(Directions) Type out the entries again, matching each one exactly.
(Records for this exercise Opens)
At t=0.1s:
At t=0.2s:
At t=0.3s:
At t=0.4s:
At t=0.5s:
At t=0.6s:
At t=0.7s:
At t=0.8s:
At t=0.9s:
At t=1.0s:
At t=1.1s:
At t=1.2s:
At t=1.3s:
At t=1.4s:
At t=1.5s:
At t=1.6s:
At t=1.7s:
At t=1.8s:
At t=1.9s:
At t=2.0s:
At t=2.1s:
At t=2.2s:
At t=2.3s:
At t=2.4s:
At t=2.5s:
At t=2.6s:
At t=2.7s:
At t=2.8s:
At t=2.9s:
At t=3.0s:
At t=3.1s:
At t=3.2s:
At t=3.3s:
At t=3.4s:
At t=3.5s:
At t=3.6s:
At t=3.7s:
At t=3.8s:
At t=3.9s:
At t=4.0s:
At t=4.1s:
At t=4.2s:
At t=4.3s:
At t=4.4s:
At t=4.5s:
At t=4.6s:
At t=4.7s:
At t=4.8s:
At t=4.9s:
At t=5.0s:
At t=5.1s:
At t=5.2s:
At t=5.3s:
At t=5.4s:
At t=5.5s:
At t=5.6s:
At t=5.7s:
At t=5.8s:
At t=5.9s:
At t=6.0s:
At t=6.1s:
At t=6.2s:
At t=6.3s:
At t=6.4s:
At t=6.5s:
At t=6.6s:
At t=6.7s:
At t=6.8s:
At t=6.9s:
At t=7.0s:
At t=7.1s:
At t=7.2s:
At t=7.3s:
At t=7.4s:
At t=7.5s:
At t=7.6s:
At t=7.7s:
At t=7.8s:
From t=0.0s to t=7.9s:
(Records for this exercise Closes)
(Answer area)
At t=0.1s:
At t=0.2s:
At t=0.3s:
At t=0.4s:
At t=0.5s:
At t=0.6s:
At t=0.7s:
At t=0.8s:
At t=0.9s:
At t=1.0s:
At t=1.1s:
At t=1.2s:
At t=1.3s:
At t=1.4s:
At t=1.5s:
At t=1.6s:
At t=1.7s:
At t=1.8s:
At t=1.9s:
At t=2.0s:
At t=2.1s:
At t=2.2s:
At t=2.3s:
At t=2.4s:
At t=2.5s:
At t=2.6s:
At t=2.7s:
At t=2.8s:
At t=2.9s:
At t=3.0s:
At t=3.1s:
At t=3.2s:
At t=3.3s:
At t=3.4s:
At t=3.5s:
At t=3.6s:
At t=3.7s:
At t=3.8s:
At t=3.9s:
At t=4.0s:
At t=4.1s:
At t=4.2s:
At t=4.3s:
At t=4.4s:
At t=4.5s:
At t=4.6s:
At t=4.7s:
At t=4.8s:
At t=4.9s:
At t=5.0s:
At t=5.1s:
At t=5.2s:
At t=5.3s:
At t=5.4s:
At t=5.5s:
At t=5.6s:
At t=5.7s:
At t=5.8s:
At t=5.9s:
At t=6.0s:
At t=6.1s:
At t=6.2s:
At t=6.3s:
At t=6.4s:
At t=6.5s:
At t=6.6s:
At t=6.7s:
At t=6.8s:
At t=6.9s:
At t=7.0s:
At t=7.1s:
At t=7.2s:
At t=7.3s:
At t=7.4s:
At t=7.5s:
At t=7.6s:
At t=7.7s:
At t=7.8s:
From t=0.0s to t=7.9s:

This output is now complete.